If many people asked us about ‘what song was the most played in this month’s playlists?’ in the last few weeks - was there some strategic conversation about music happening that we weren’t a part of? Was there some hypothesis around changing patterns of impact of music on engagement? At the very least, we would make sure we build and socialize dashboards where stakeholders can self-serve insights about different touchpoints with music and playlists at Peloton, but even better if it was the birth of a new impactful deep-dive analysis.
Strength in Numbers
Of course, if you have a much smaller team, a lot of benefits of this system are less prominent. Being on call every three weeks is very different from ‘every 2 months’. But it still helps create more focus for the teammates and learn new datasets and sets of problems. With a three-person team at Bubble, we are doing a much less formal version of this system - without an intake form (for now) and very rigid time limits, but as the team grows, I will look to refine it more to relive the old glory days :)

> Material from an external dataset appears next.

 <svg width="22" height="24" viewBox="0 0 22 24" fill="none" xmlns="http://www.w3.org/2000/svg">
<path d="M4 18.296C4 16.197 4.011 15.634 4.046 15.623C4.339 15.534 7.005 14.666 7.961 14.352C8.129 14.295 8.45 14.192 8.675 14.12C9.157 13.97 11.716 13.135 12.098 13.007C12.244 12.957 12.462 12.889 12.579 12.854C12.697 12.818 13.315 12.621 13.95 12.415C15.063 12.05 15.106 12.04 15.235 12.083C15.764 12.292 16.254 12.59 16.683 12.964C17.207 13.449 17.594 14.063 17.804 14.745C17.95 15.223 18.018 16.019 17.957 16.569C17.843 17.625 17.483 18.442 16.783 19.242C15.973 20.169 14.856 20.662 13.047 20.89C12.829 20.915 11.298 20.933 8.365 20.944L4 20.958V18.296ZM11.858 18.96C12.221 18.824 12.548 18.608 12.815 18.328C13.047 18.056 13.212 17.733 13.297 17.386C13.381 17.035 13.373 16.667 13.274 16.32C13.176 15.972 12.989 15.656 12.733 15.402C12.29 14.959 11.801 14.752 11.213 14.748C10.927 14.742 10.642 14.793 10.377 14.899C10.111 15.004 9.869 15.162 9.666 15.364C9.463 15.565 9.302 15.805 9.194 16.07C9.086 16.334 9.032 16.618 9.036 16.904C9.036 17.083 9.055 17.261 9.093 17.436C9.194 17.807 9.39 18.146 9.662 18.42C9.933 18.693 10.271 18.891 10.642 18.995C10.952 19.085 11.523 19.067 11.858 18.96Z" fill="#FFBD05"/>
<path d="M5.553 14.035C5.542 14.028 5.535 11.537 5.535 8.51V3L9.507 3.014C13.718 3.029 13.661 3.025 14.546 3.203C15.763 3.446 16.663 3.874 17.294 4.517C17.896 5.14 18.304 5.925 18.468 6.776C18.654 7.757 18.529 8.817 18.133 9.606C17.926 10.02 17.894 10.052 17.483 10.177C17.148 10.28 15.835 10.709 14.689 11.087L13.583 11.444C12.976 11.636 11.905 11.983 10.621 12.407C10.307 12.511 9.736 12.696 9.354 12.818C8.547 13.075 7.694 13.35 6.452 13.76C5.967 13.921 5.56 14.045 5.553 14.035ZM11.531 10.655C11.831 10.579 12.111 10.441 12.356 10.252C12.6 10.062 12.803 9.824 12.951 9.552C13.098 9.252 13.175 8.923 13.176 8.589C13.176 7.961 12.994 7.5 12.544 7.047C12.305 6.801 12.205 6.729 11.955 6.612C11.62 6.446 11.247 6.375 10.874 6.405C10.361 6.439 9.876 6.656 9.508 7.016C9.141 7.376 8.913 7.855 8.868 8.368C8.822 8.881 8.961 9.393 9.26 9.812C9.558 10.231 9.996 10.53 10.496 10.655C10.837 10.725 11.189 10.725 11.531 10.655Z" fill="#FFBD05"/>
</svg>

Are you leveraging a similar system on your data team? How do you go about ad hoc requests?
I've led teams from 4 - 14 across 4 organizations, and have stood up this rotation in each one. (At my last gig, an Engineering Director said he used "On Duty" as the person answering questions during office hours, to distinguish from "On Call" being paged in the middle of the night. I've fully stolen that terminology. :)
Like you, I get some pushback about being worried about woken up in the middle of the night. And in one team's case, there was such a risk -- part of what the on call person was responsible for was the data pipelines we owned, and there were narrow cases that would push an overnight page. But the payback of having n-1 weeks of heads down focus time won out, every single time. Definitely a practice I'd recommend for all data leaders.
One awkward side effect of an on duty rotation on a team of 4: If your leadership team is doing metrics review every 4 weeks, the same person will get those requests every 4 weeks. It was a running joke on my last team... :)
I'm part of a three-person, front-end team but have been considering a very similar system to propose to my boss. I would love to hear more details on how you've modified this system for a smaller team.